WordPress 5.2: Mitigating Supply-Chain Attacks - CiPHPerCoder
https://paragonie.com/blog/2019/05/wordpress-5-2-mitigating-supply-chain-attacks-against-33-internet
======
oliwarner
Criminals: We can break 33% of the internet with one wrench!

Because that's what this still comes back to. If you can bribe or intimidate
_one developer_ with valid credentials, you can sign as many hashes as you
like, if nobody else reviews and catches that commit, the users are toast. And
even if Wordpress has a strict review policy, what about the plugins?
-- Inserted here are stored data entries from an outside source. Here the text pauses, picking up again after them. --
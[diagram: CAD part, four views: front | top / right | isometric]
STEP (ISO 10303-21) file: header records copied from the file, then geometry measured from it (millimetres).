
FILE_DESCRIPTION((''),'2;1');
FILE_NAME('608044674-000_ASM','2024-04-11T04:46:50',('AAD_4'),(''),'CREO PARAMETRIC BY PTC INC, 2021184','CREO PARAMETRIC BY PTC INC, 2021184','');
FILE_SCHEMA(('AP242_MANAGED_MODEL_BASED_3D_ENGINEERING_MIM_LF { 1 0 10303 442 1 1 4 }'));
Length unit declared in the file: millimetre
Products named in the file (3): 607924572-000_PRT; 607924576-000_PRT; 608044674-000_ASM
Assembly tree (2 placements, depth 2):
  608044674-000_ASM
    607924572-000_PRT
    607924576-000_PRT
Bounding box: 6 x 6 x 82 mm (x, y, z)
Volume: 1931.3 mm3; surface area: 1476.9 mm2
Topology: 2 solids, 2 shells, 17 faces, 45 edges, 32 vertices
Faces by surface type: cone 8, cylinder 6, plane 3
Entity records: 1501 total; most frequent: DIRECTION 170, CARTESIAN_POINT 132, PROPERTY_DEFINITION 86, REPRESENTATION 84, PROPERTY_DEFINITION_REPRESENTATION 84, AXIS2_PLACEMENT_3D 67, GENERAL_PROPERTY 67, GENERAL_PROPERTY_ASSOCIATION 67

There
are some furiously popular examples out there made by very small teams, well
outside Automattic's control.

All in all, there are thousands of people out there that one or two swings of
a wrench mean that a _massive_ network of servers become compromised. And in
many cases you might not even need that. Hack the personal computer of one of
these people, and you're 99% done.

Sleep well.

------
someexgamedev
I set up a WordPress site for a family member a couple years ago and threw
wordfence on there just to see what the ecosystem is like. I get near daily
alerts of attempted hacks mostly from Eastern Europe. Most common thing is
trying to brute force the login page.

Any improvements to WordPress security are welcome. It's got such a huge
target painted on its back. Reminds me of windows in the 90s.

As for what I learned, I would move the admin login page and disable common
usernames like admin and anything derived from the site url. Probably stop 90%
of attacks just with that.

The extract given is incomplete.